In this section we will start looking at polynomials. Polynomials will show up in pretty much every section of every chapter in the remainder of this material and so it is important that you understand them.

We will start off with polynomials in one variable. Polynomials in one variable are algebraic expressions that consist of terms in the form $$a{x^n}$$ where $$n$$ is a non-negative (i.e. positive or zero) integer and $$a$$ is a real number and is called the coefficient of the term. The degree of a polynomial in one variable is the largest exponent in the polynomial.

Note that we will often drop the “in one variable” part and just say polynomial.

Here are examples of polynomials and their degrees.

\begin{align*}& 5{x^{12}} - 2{x^6} + {x^5} - 198x + 1 & \hspace{0.5in} & {\mbox{degree :}}\,\,12\\ & {x^4} - {x^3} + {x^2} - x + 1 & \hspace{0.5in} & {\mbox{degree :}}\,\,4\\ & 56{x^{23}}\hspace{0.5in} & \hspace{0.5in} & {\mbox{degree :}}\,\,23\\ & 5x - 7 & \hspace{0.5in} & {\mbox{degree :}}\,\,1\\ & - 8& \hspace{0.5in} & {\mbox{degree :}}\,\,0\end{align*}

So, a polynomial doesn’t have to contain all powers of $$x$$ as we see in the first example. Also, polynomials can consist of a single term as we see in the third and fifth example.

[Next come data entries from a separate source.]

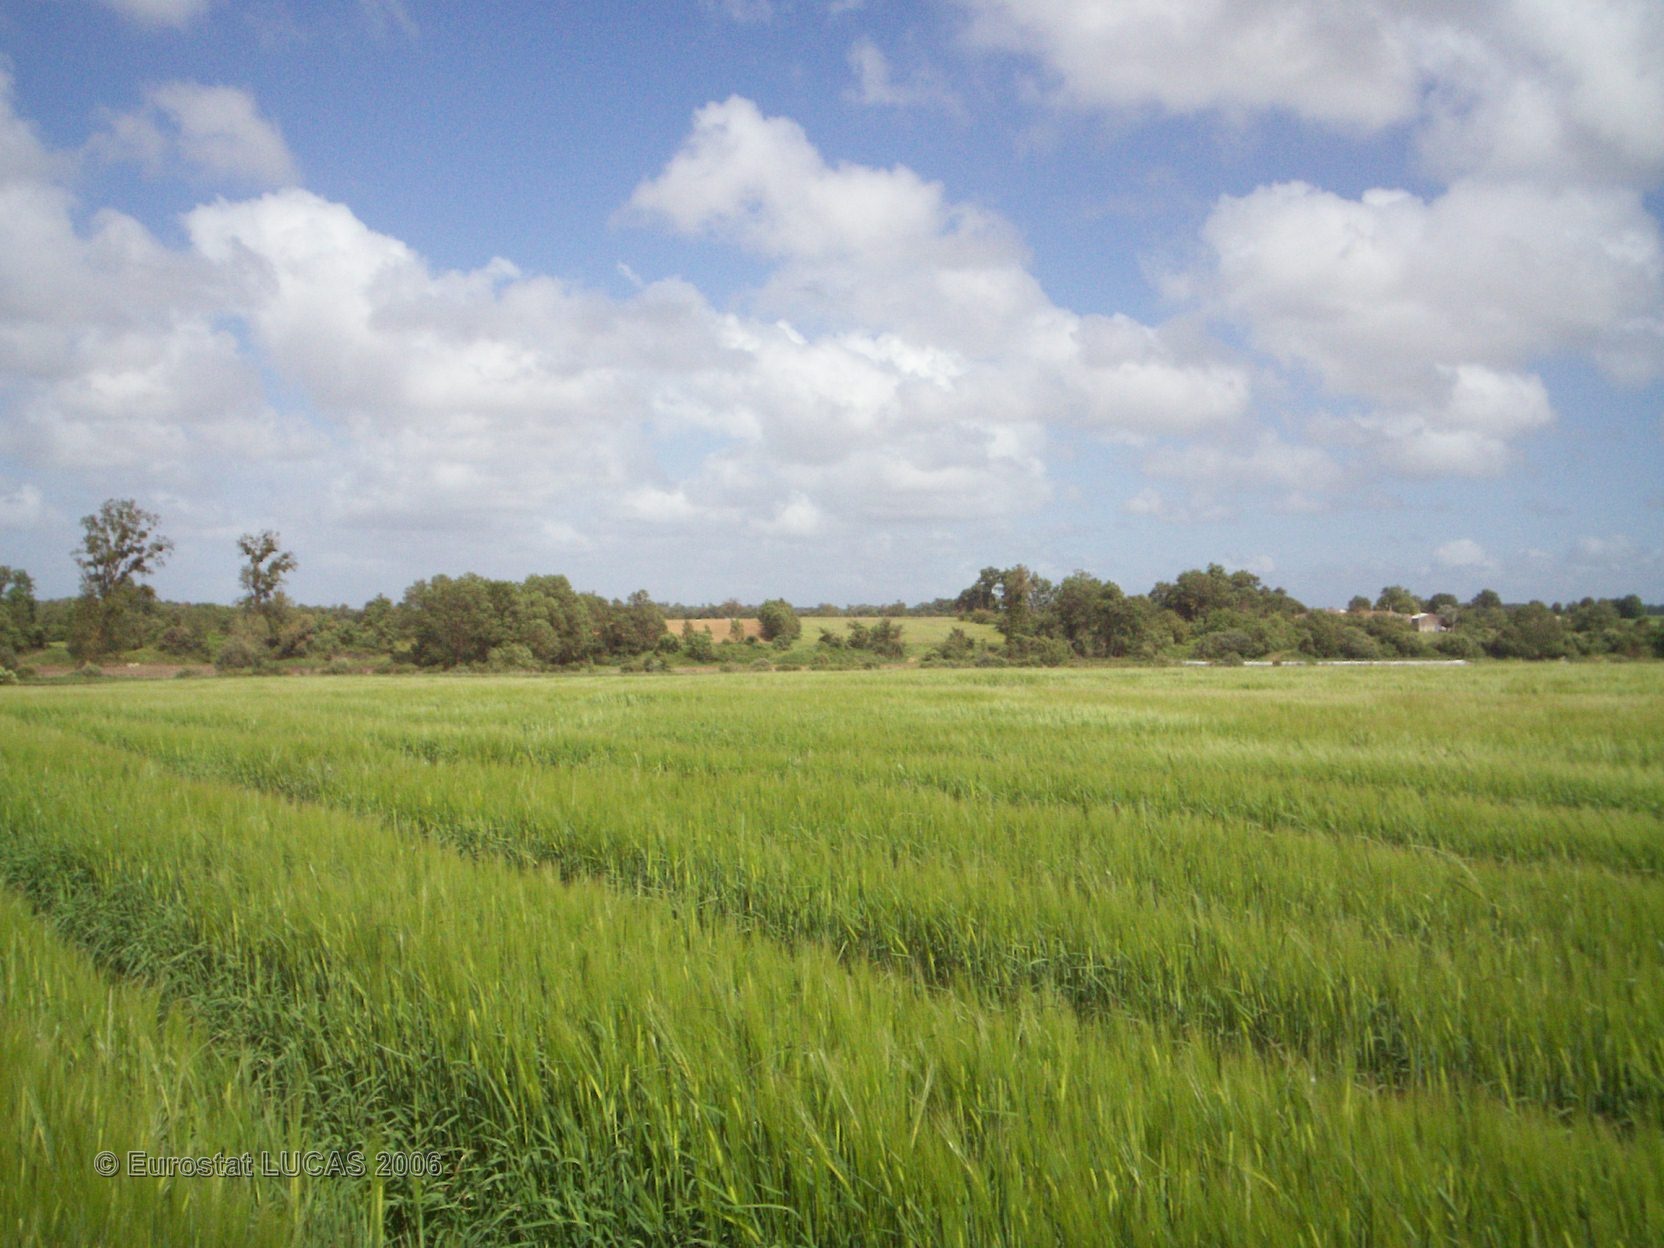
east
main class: Cropland
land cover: Barley
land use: Agriculture (excluding fallow land and kitchen gardens)
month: May
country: FR
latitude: 45.7497
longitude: -0.7850

We should probably discuss the final example a little more. This really is a polynomial even it may not look like one. Remember that a polynomial is any algebraic expression that consists of terms in the form $$a{x^n}$$. Another way to write the last example is

$- 8{x^0}$

Written in this way makes it clear that the exponent on the $$x$$ is a zero (this also explains the degree…) and so we can see that it really is a polynomial in one variable.

Here are some examples of things that aren’t polynomials.

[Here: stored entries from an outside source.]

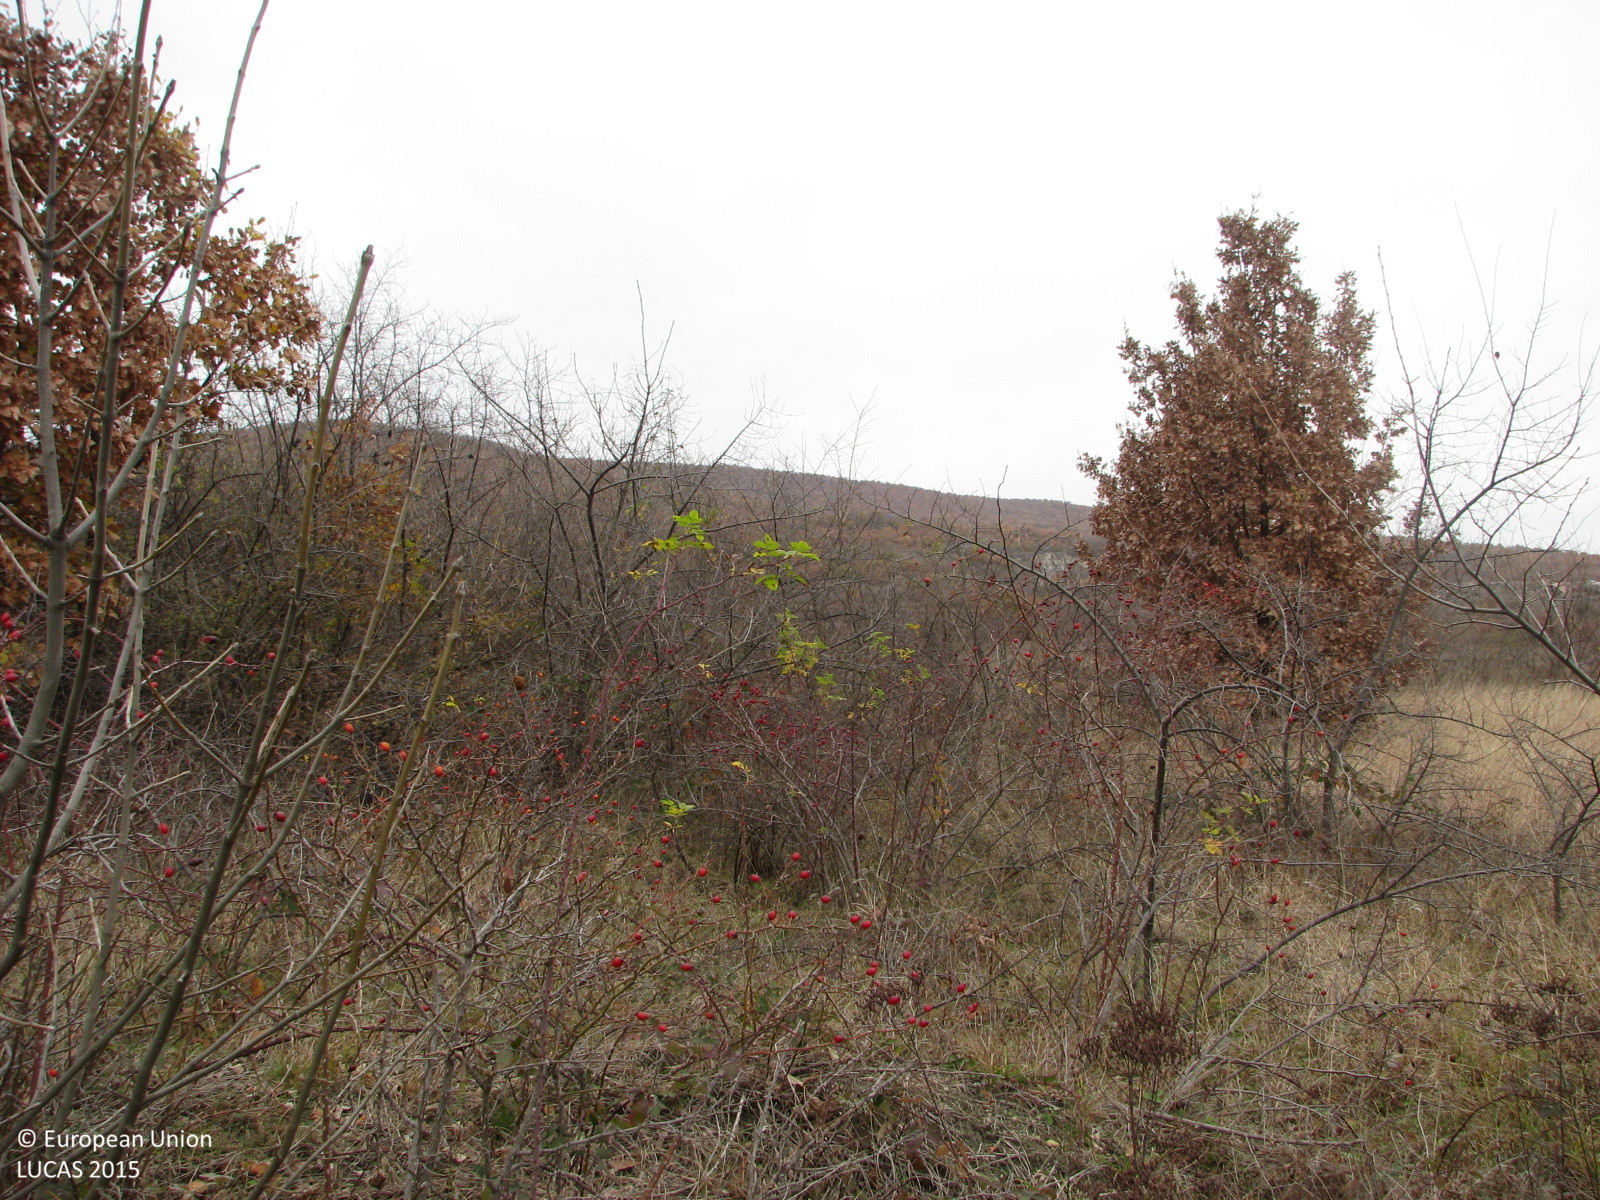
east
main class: Shrubland
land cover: Shrubland with sparse tree cover
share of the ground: 50 - 75 %
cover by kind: shrubs 65 %, herbaceous plants 30 %, broadleaved forest trees 5 %
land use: Semi-natural and natural areas not in use
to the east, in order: Shrubland with sparse tree cover; Grassland without tree/shrub cover; Shrubland with sparse tree cover; Tracks; Shrubland with sparse tree cover
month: December
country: BG
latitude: 42.2882
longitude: 24.0732

\begin{align*}& 4{x^6} + 15{x^{ - 8}} + 1\\ & 5\sqrt x - x + {x^2}\\ & \frac{2}{x} + {x^3} - 2\end{align*}

The first one isn’t a polynomial because it has a negative exponent and all exponents in a polynomial must be positive.

To see why the second one isn’t a polynomial let’s rewrite it a little.

$5\sqrt x - x + {x^2} = 5{x^{\frac{1}{2}}} - x + {x^2}$

By converting the root to exponent form we see that there is a rational root in the algebraic expression. All the exponents in the algebraic expression must be non-negative integers in order for the algebraic expression to be a polynomial. As a general rule of thumb if an algebraic expression has a radical in it then it isn’t a polynomial.

Let’s also rewrite the third one to see why it isn’t a polynomial.

$\frac{2}{x} + {x^3} - 2 = 2{x^{ - 1}} + {x^3} - 2$

So, this algebraic expression really has a negative exponent in it and we know that isn’t allowed. Another rule of thumb is if there are any variables in the denominator of a fraction then the algebraic expression isn’t a polynomial.

Note that this doesn’t mean that radicals and fractions aren’t allowed in polynomials. They just can’t involve the variables. For instance, the following is a polynomial

$\sqrt{5}\,{x^4} - \frac{7}{{12}}{x^2} + \frac{1}{{\sqrt 8 }}x - 5\,\,\sqrt[{14}]{{113}}$

There are lots of radicals and fractions in this algebraic expression, but the denominators of the fractions are only numbers and the radicands of each radical are only a numbers. Each $$x$$ in the algebraic expression appears in the numerator and the exponent is a positive (or zero) integer. Therefore this is a polynomial.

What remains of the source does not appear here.